Vediamo tramontare il sole con una focaccia calda tra le mani e facciamo tintinnare le birre. Non so che cosa succederà, ma so riconoscere un momento di pace e questo lo è. Nonostante tutto.
Nel viaggio di ritorno Silvia è crollata esausta sul sedile di dietro. La strada litoranea costeggia il mare, che ha assunto il colore del cielo e inizia a rilucere delle lampare delle poche barche che prendono il largo.
«Scusa» dice piano mio marito, «abbiamo sbagliato qualcosa».

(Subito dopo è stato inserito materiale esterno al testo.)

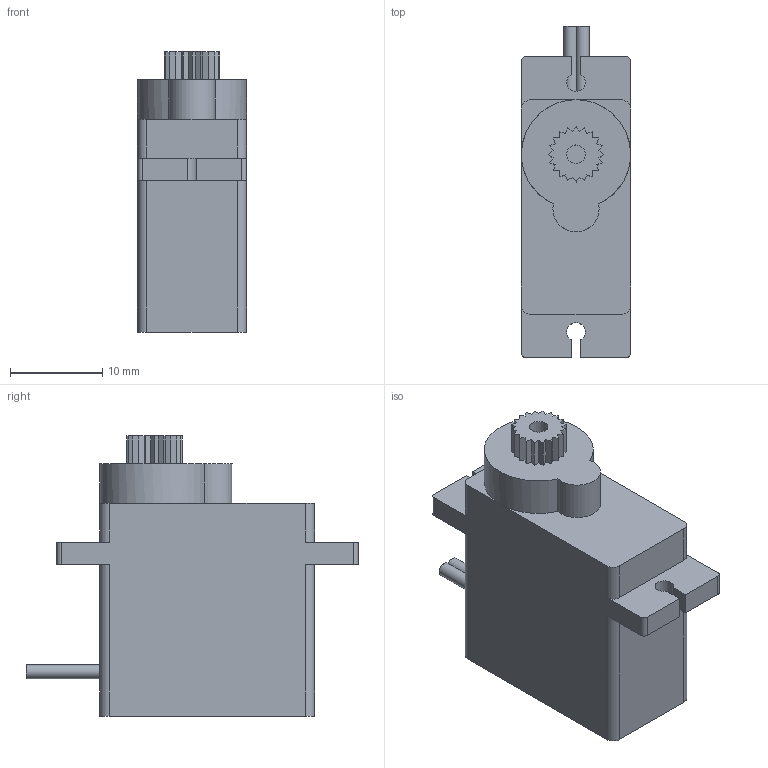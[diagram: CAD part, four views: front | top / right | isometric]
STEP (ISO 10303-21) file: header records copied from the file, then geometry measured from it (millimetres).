
FILE_DESCRIPTION(/* description */ (''),/* implementation_level */ '2;1');
FILE_NAME(/* name */ '2941 Micro DC Motor.step',/* time_stamp */ '2018-07-07T12:50:15-04:00',/* author */ ('Adafruit'),/* organization */ (''),/* preprocessor_version */ 'ST-DEVELOPER v17',/* originating_system */ 'Autodesk Translation Framework v7.1.0.215',/* authorisation */ '');
FILE_SCHEMA (('AUTOMOTIVE_DESIGN { 1 0 10303 214 3 1 1 }'));
Length unit declared in the file: millimetre
Products named in the file (1): Micro DC Motor 2941
Bounding box: 11.8 x 35.9 x 30.3 mm (x, y, z)
Volume: 7125.5 mm3; surface area: 2789.5 mm2
Topology: 3 solids, 3 shells, 86 faces, 237 edges, 157 vertices
Faces by surface type: plane 67, cylinder 19
Full cylindrical faces by diameter (mm): 2 x1
Entity records: 2776 total; most frequent: CARTESIAN_POINT 481, ORIENTED_EDGE 474, DIRECTION 452, EDGE_CURVE 237, LINE 196, VECTOR 196, VERTEX_POINT 157, AXIS2_PLACEMENT_3D 128
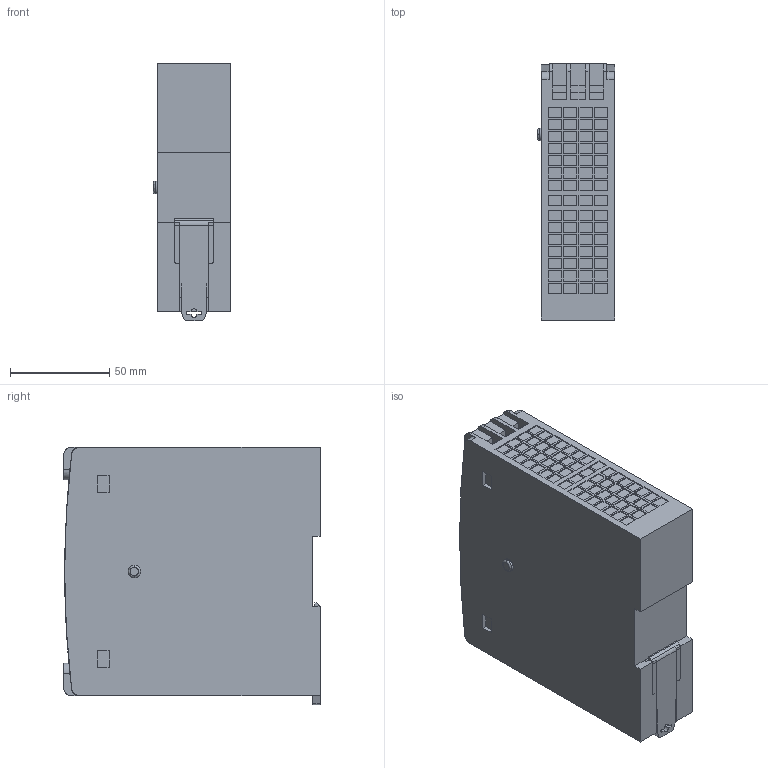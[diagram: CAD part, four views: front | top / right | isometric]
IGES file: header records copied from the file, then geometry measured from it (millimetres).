
Start section: SolidWorks IGES file using analytic representation for surfaces
Global section: file name: OUTSIDE-PS6R-F24.IGS,15; native system: HSolidWorks 2012; preprocessor: SolidWorks 2012; author: 1002606; date: 151106.160450; units: millimetre
Bounding box: 39 x 129 x 129.55 mm (x, y, z)
Surface area: 58343 mm2 (no closed solid volume)
Topology: 0 solids, 0 shells, 885 faces, 6095 edges, 6091 vertices
Faces by surface type: bspline 802, revolution 83

«Abbiamo fatto finta che andasse tutto bene» gli rispondo, consapevole che la paura non può guidare le nostre azioni.
Mario ha ammesso la sua crisi, la sua sensazione di essere diventato superfluo nella mia vita. Io avrei voluto ribattere che anche lui, spesso, non c’è, ma ho taciuto perché, in parte, ha ragione. Ho costruito una diga per contenere tutto e tutti, lasciando fuori proprio lui. O forse l’ho considerato come l’ennesima persona di cui occuparmi, non l’uomo che ho scelto per condividere la vita.
Glielo dico e sento che una mano calda scivola sul mio ginocchio. È un gesto semplice e carico di significato. Metto la mia mano sulla sua e le nostre dita, per un momento, s’intrecciano come non facevamo da tempo.
È tardi quando, dopo aver controllato che i ragazzi dormissero, mi stendo accanto al corpo di mio marito e mi lascio avvolgere da un abbraccio che non è desiderio e non è paura: è casa.
Rimaniamo a lungo così. Mario mi racconta di problemi sul lavoro, di una nuova impiegata che lo guarda adorante e chiarisce che non è successo niente con lei.
«Non voglio sapere altro» ammetto. «Ma se rimani con me fa che non sia per senso di colpa né perché abbiamo una figlia matta».
Lui mi stringe forte e io penso che è un ottimo inizio, anche se ci vorrà di più per ritrovarci davvero.
Sono passati i giorni. In casa ho dato dei compiti ai miei figli, chiarendo che ciascuno deve fare la sua parte. Hanno sbuffato, ma la lavastoviglie è diventata anche affar loro.
Per un po’ ho evitato di andare da mia madre. Poi l’ho fatto e le ho parlato con chiarezza mettendo al centro la serenità dei miei figli.
«Non volevo farle del male» ha mormorato lei. «Avevo paura che soffrisse come hai sofferto tu».
L’esasperazione di questo lungo periodo si è trasformata in qualcosa di più morbido. Mia madre non sembra più un generale, ma una donna anziana troppo abituata a lottare per deporre le armi.
Qualcosa è cambiato. Non in modo eclatante. Piccoli gesti. Teresa ha accettato un aiuto domestico, Silvia è tornata a studiare per la maturità e Matteo, rassicurato, ha ripreso a fare domande sulla scuola superiore.
Una sera, mentre stavamo sparecchiando, Mario ha sfiorato la mia mano e guardandomi con una sfumatura che ben conosco e che, lo ammetto, mi fa un certo effetto ha aggiunto: «Non prometto che sarà facile».
«Non lo voglio facile, ma voglio che sia vero» gli ho sussurrato all’orecchio.
È sabato mattina e, come sempre, apro gli occhi prima della sveglia. Oggi però non sento solo il peso delle responsabilità. Sgattaiolo fuori dal letto, vado in cucina e guardo fuori dalla finestra. Il cielo è terso. Nel silenzio, sorseggio un bicchiere d’acqua e mi è chiaro che non posso, neppure volendo, salvare tutti.
Mario mi raggiunge sbadigliando assonnato: «Caffè?» chiede. E io mi ritrovo a pensare che gli anni sono stati gentili con lui, somiglia ancora parecchio al ragazzo di cui mi sono innamorata all’università. Annuisco e gli sfioro le labbra. Lui mi prende la mano e mi impedisce di allontanarmi.
«Aspetta un po’…» e mi stampa un bacio che non ha nulla dell’usato affetto tra di noi. Che sia l’effetto della camicia da notte di seta che mi ha regalato mamma per i 50 anni?
Forse è l’inizio di un modo diverso, più coinvolgente, di stare insieme. Per la prima volta dopo molto tempo, nel mezzo di un sabato mattina qualsiasi, stretta a Mario, non mi sento più intrappolata. Mi sento, finalmente, al centro della mia vita.